Azure / azure-functions-servicebus-extension

Service Bus extension for Azure Functions
MIT License
65 stars 35 forks source link

Allow all in-flight Service Bus messages to complet during shutdown when function execution completes #143

Closed sidkri closed 3 years ago

sidkri commented 3 years ago

Prior to the changes in this PR, when a WebJob starts stopping, Service Bus messages continue to start processing but get abandoned as ServiceBusListener.Cancel() is called first which cancels the cancellation token source related to function invocation but does not stop the underlying Service Bus SDK from processing new messages. Additionally, the default MessageProcessor implementation throws an exception if the cancellation token involved in function execution is set which results in all in-flight messages getting abandoned even though they were successfully processed by the function. Both behaviors are modified as explained in the changes below.

Changes:

Pull request checklist

alrod commented 3 years ago

How does the job host stop the listener? Does it call Cancel and then StopAsync? From the interface description it should just cancel "in process" operations https://github.com/Azure/azure-webjobs-sdk/blob/dev/src/Microsoft.Azure.WebJobs.Host/Listeners/IListener.cs#L32

sidkri commented 3 years ago

How does the job host stop the listener? Does it call Cancel and then StopAsync? From the interface description it should just cancel "in process" operations https://github.com/Azure/azure-webjobs-sdk/blob/dev/src/Microsoft.Azure.WebJobs.Host/Listeners/IListener.cs#L32

Per the interface description "Cancel any in progress listen operation" we should just cancel in-flight executions but listening will continue and it's not clear what should happen with new messages. The issue in this extension is that after Cancel() is called even new messages that start processing after the call will have a cancelled token. This is appropriate from the perspective of notifying the function being executed that execution may get interrupted/cancelled at any time after Cancel() is invoked. The problem is that the Service Bus extension checks the cancellation token while binding as well as when execution completes and in both cases throws an exception if the cancellation token is set, presumably so that the message is abandoned instead of completed as execution may get interrupted (ServiceBusBinding) or might have been skipped in the function (MessageProcessor). Another pattern we can follow is to simply notify the function code via the cancellation token that execution may get cancelled and let it decide to abandon the service bus message by throwing an exception (when autoComplete is enabled). Remove the check and throw logic in the two places I linked above could be a better change. I opted for modifying the behavior of ServiceBusListener:Cancel() to align with that of the EventHubsListener.Cancel() which simply calls StopAsync().

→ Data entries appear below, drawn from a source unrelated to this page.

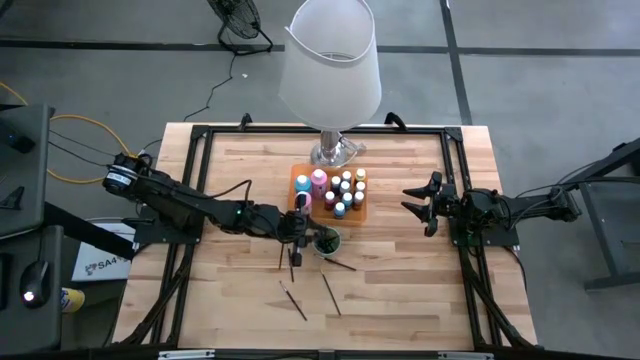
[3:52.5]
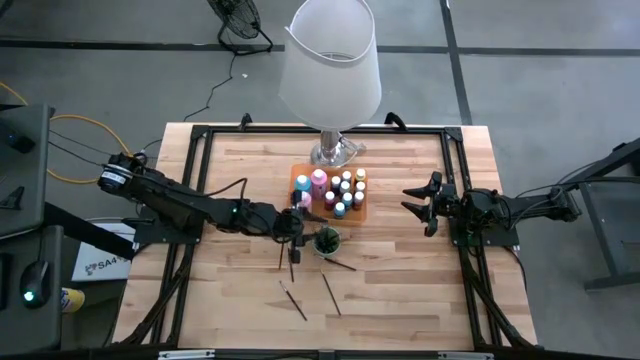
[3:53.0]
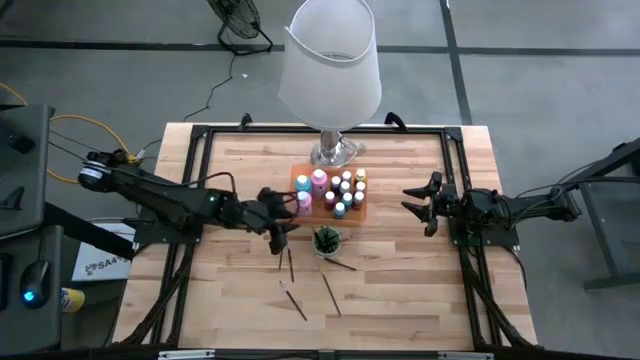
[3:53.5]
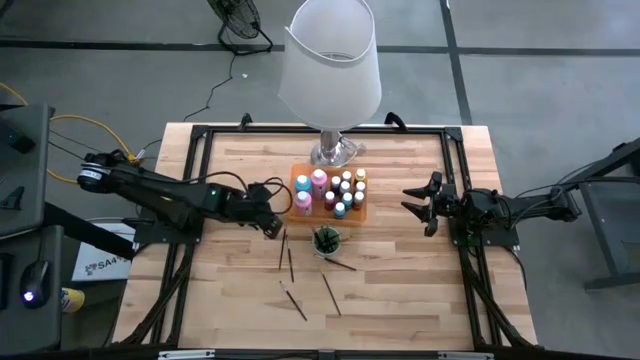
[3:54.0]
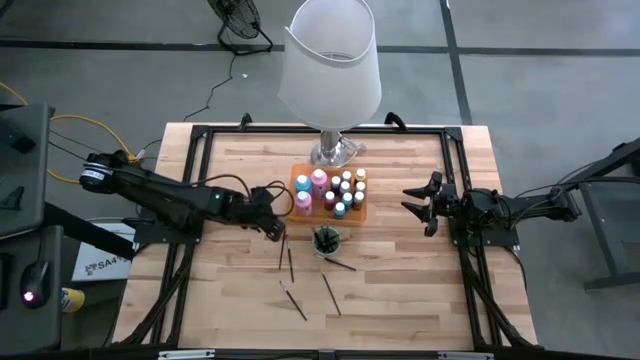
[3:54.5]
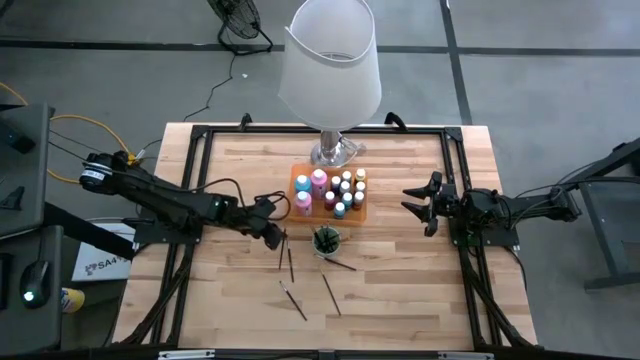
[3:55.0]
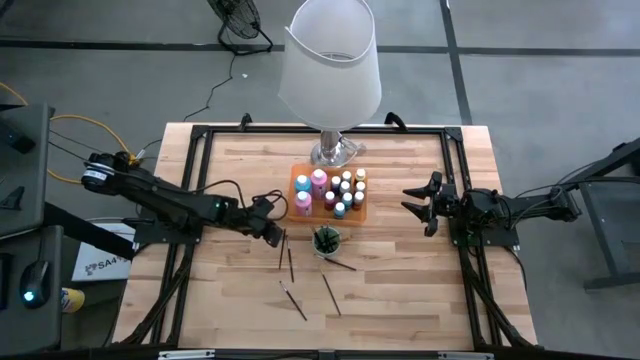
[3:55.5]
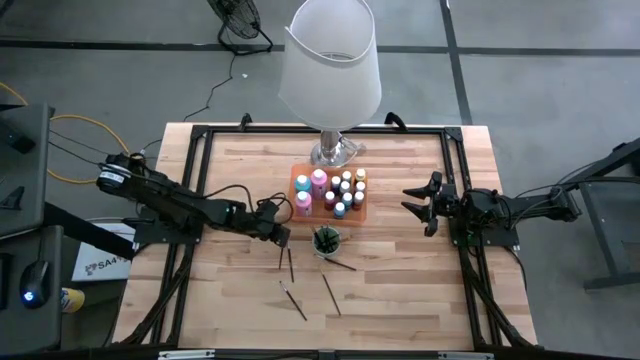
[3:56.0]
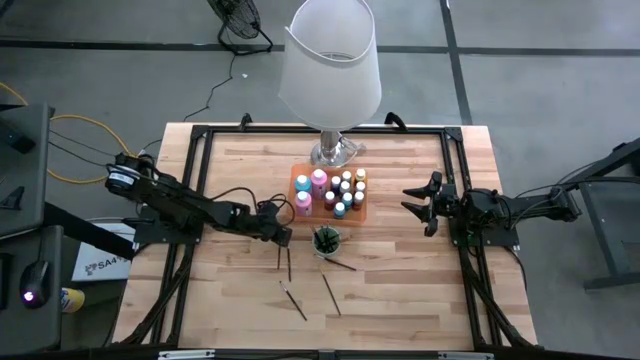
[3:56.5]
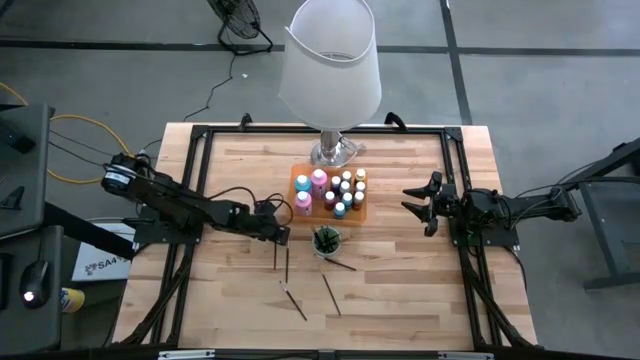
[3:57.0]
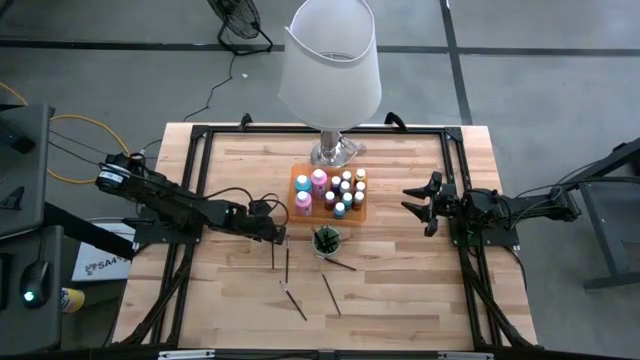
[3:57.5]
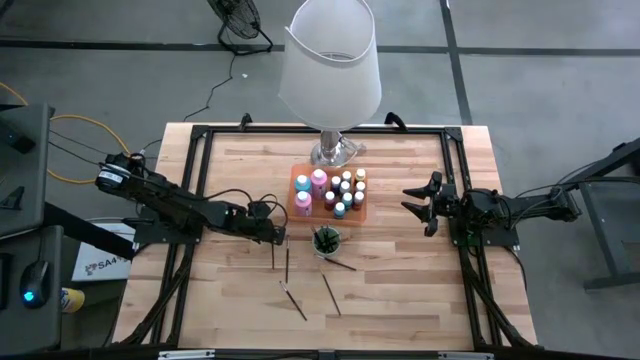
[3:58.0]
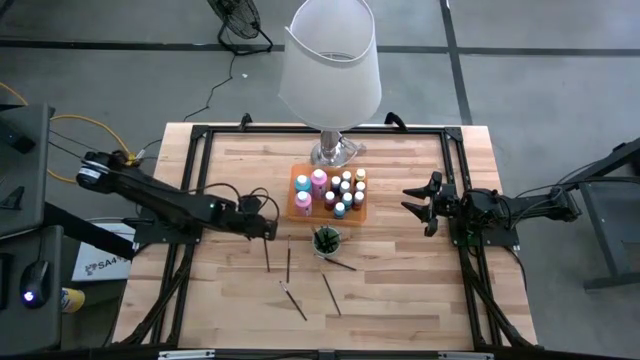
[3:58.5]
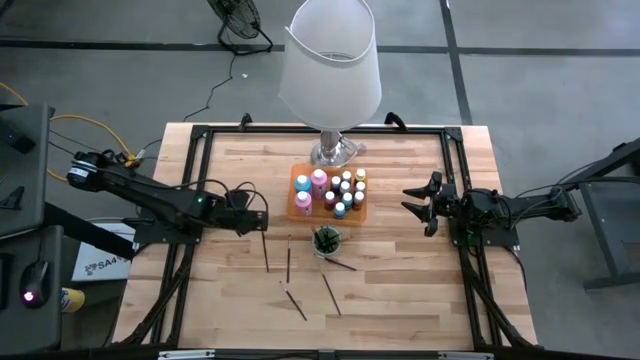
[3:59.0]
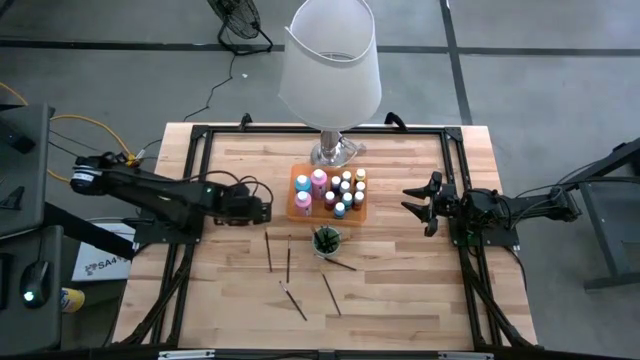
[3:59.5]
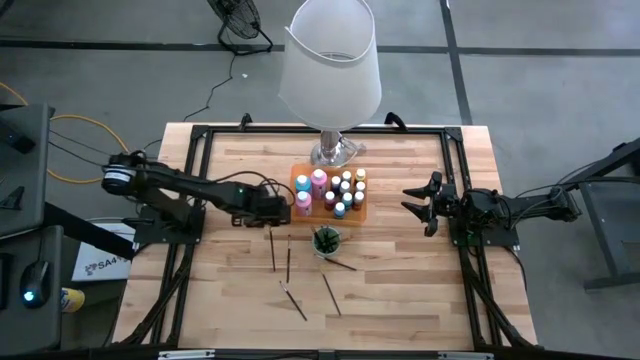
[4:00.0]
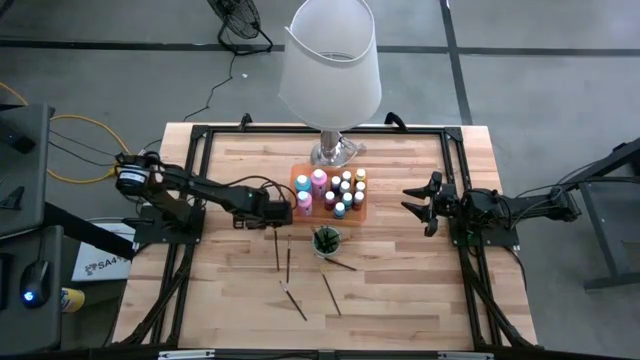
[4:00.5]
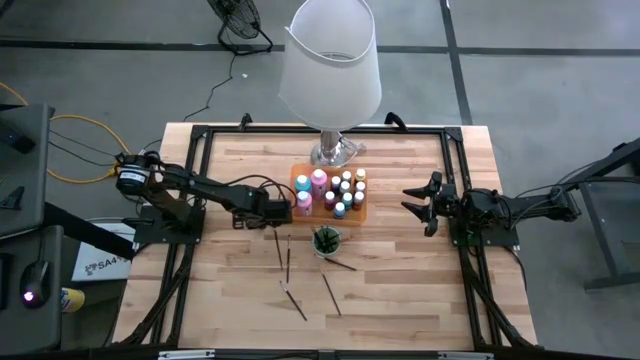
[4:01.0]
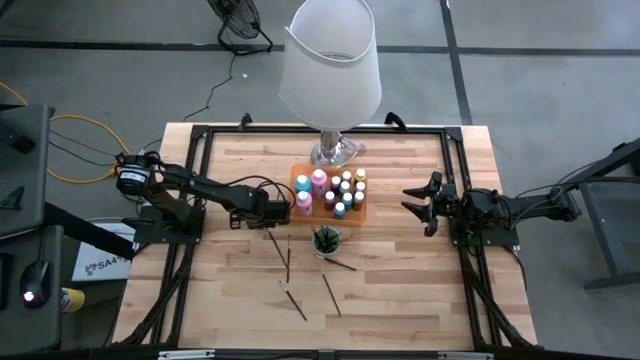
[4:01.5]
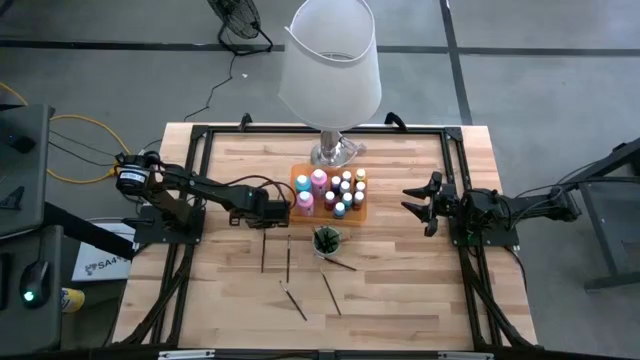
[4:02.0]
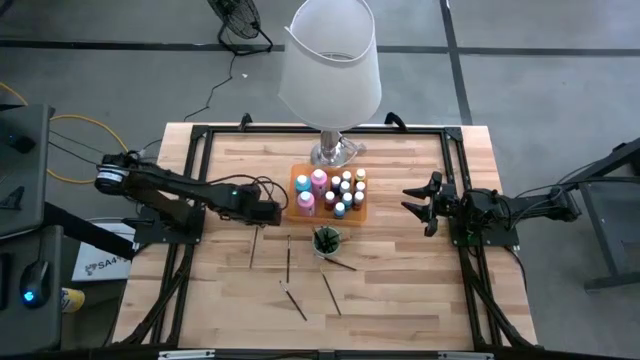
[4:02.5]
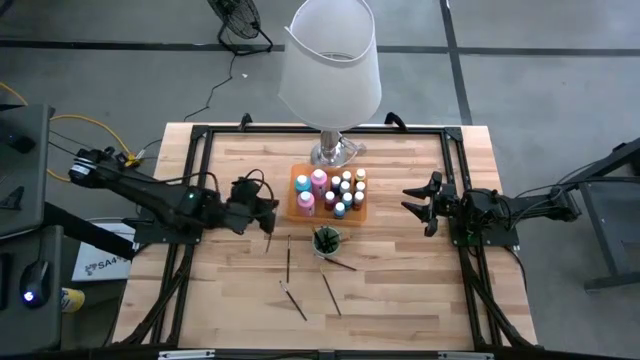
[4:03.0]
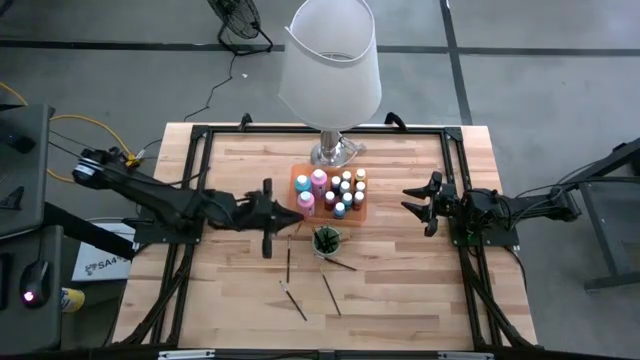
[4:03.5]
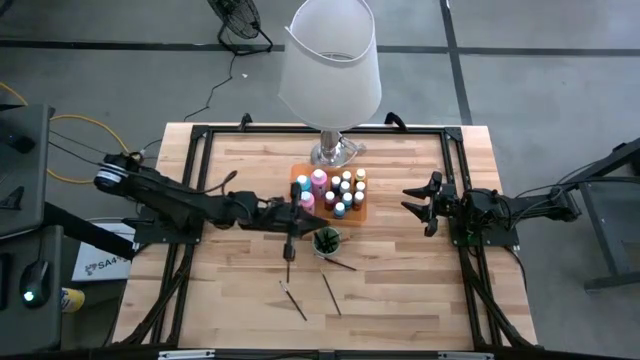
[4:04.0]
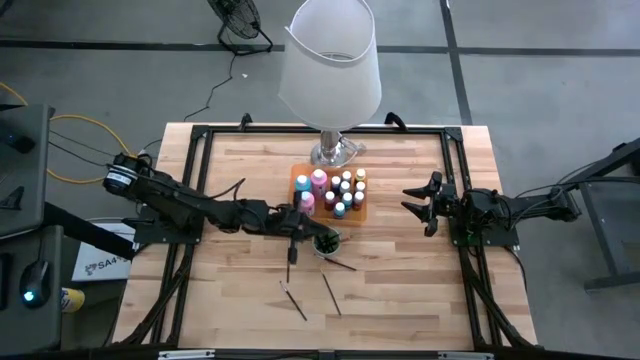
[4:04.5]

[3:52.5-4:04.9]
Task: Pick & Place Paint Supplies
Put the orange paintbrushes into the green cup

alrod commented 3 years ago

Adding some conversation for history:

[4/8 6:14 PM] Alexey Rodionov I thought more about the change

why do we remove cancellationToken.ThrowIfCancellationRequested(); in MessageProcessor and SessionMessageProcessor and leave them in other places? Maybe we should also leave them so on after dispose with not get disposed object exception on message comlete/abandon? If now the token is canceled on dispose, will the customer have the same issues as we still cancelling the token?

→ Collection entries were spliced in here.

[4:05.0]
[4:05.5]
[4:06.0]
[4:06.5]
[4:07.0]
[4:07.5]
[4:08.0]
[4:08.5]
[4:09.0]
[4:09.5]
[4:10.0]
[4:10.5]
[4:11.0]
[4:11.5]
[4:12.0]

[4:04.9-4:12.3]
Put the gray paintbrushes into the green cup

​[4/8 6:50 PM] Sid Krishna

1 I need to remove them from processors as Drain mode manager cancel's the token

​[4/8 6:51 PM] Sid Krishna

2 dispose is called at the end, cancel happens at the start of shutdown

​[4/8 6:51 PM] Sid Krishna the tests are manually creating an IHostedService and stopping it ​[4/8 6:51 PM] Sid Krishna WebJobs itself has a different lifecycle ​[4/8 6:52 PM] Sid Krishna I'll validate #1 again, the token that drain manager cancels is an further down the stack so might not affect message processor actually ​[4/8 7:48 PM] Sid Krishna I tested that the cancellation token does not get set when draining at the message processor level (your #1) so those removals are actually not needed so I reverted those changes and pushed. ​[4/8 7:51 PM] Sid Krishna That leaves your #2 which I think is not an issue as by the time the object is getting disposed the process is close to stopping so impact will be minimal if at all v/s when Cancel is invoked for which there is a long delay between that and process stopping.